Der alte Mann fragte plötzlich: „Euer Herr hat euch einst durch diesen Ort geführt, nicht wahr? Ich sah in der Nähe Spuren eines Lagerfeuers, obwohl sie alle vom Wind und Regen fortgeweht wurden, und das Gras ist noch nicht nachgewachsen.“

Qingchen dachte einen Moment nach und sagte: „Mein Meister und ich haben hier unser Lager aufgeschlagen, nachdem wir aus Gefängnis Nr. 18 entlassen wurden. Damals waren wir drei Tage und drei Nächte zu Fuß unterwegs, aber dieses Mal sind wir mit dem Auto in nur einem Tag angekommen. Dem Plan zufolge werden wir in sechs Tagen den Rand des Verbotenen Landes Nr. 002 erreichen.“

„Ich beneide dich wirklich. Ich wünschte, ich könnte auch ein Ritter werden“, sagte der alte Mann lächelnd.

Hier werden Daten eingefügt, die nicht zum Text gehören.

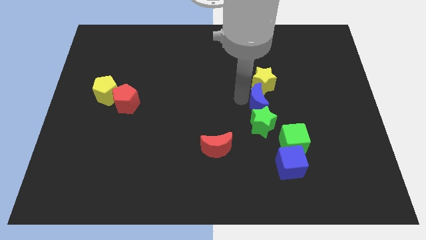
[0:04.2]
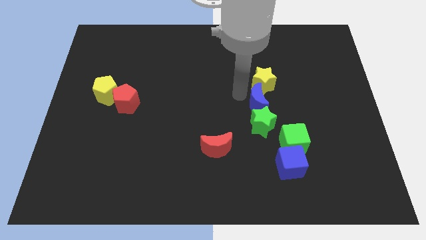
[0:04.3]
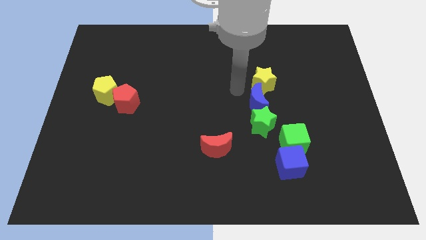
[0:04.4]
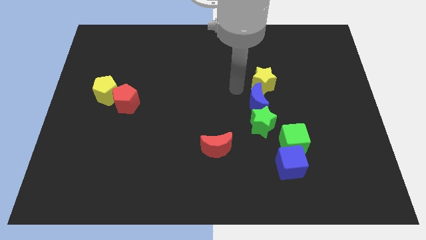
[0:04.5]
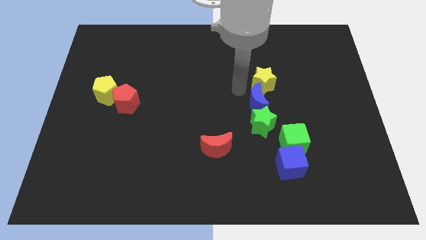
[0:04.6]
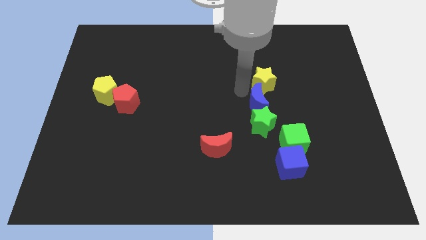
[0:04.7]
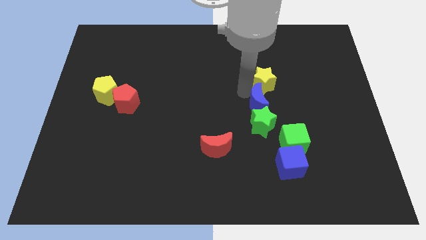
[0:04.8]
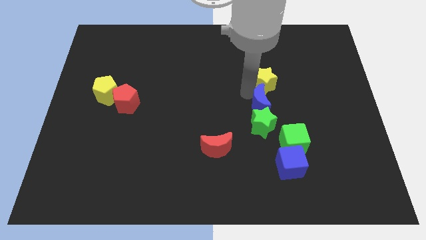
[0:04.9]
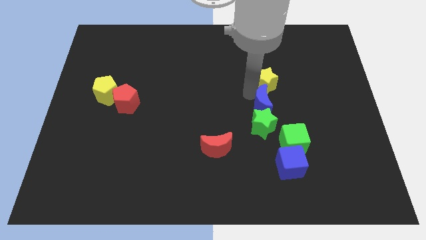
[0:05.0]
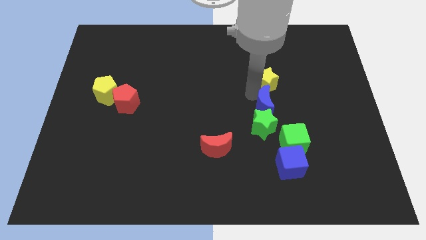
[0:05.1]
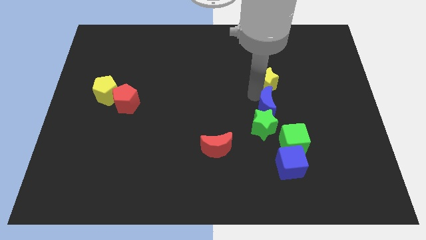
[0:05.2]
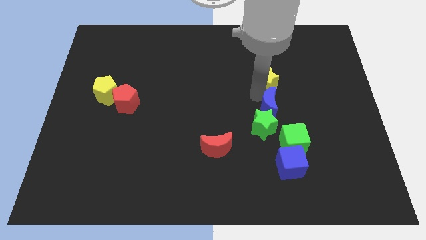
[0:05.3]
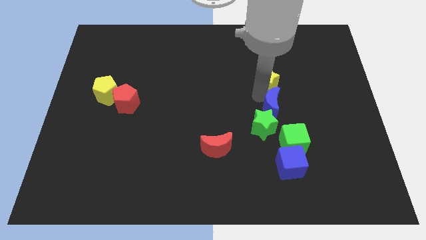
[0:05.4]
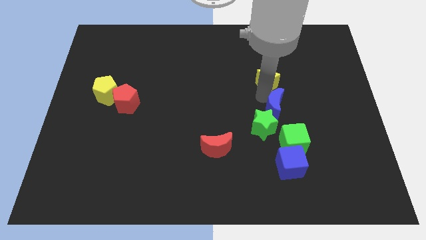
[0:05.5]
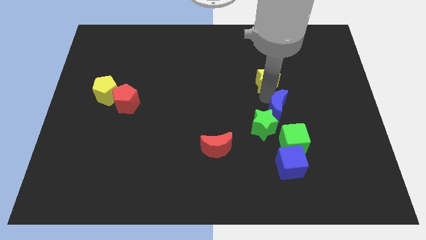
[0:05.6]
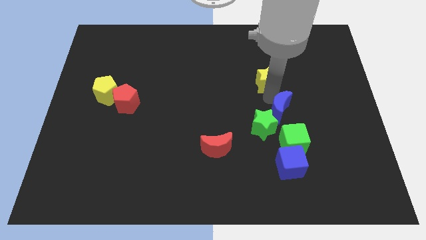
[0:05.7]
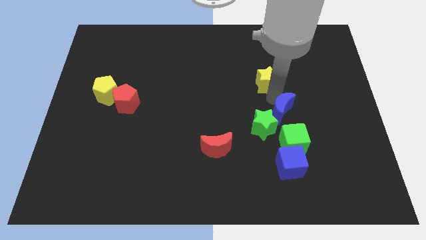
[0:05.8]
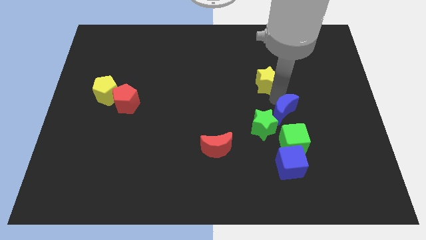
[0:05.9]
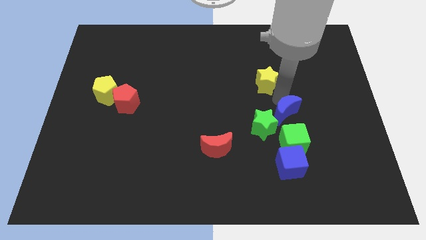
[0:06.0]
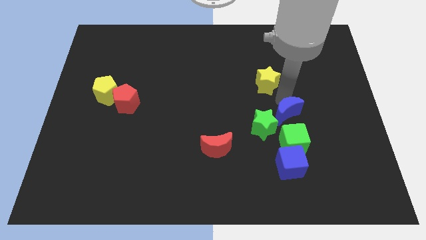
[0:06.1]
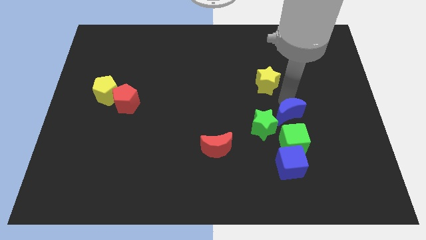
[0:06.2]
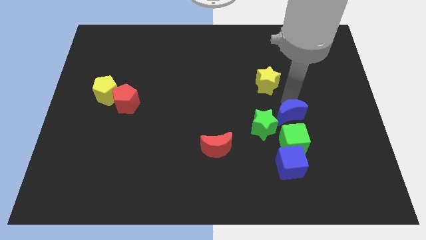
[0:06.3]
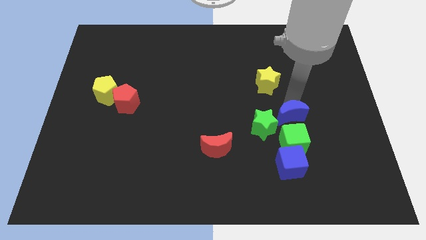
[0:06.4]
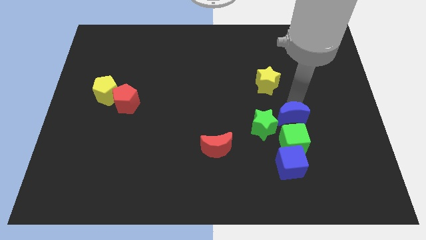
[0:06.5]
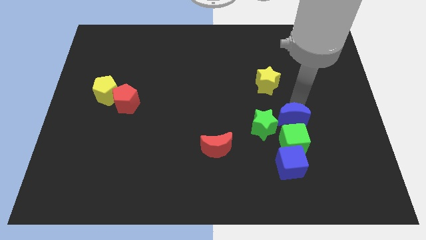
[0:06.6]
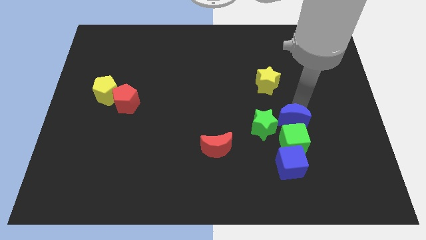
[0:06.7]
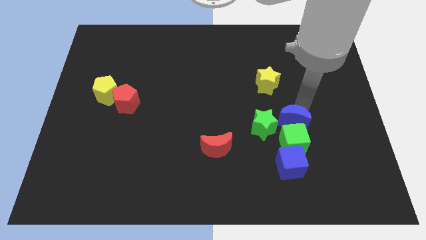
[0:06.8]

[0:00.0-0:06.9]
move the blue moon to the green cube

In diesem Moment ertönte aus der Ferne das Dröhnen eines Motors.

Qing Chen warf Hu Xiaoniu einen Blick zu: „Lade die Waffen aus dem Auto und gib sie mir. Falls sie später anhalten, kümmerst du dich darum. Alter, steck dir den Bart wieder an; ich fürchte, du würdest sie verschrecken.“

Der Konvoi traf schnell ein und hielt neben Qingchens Lager.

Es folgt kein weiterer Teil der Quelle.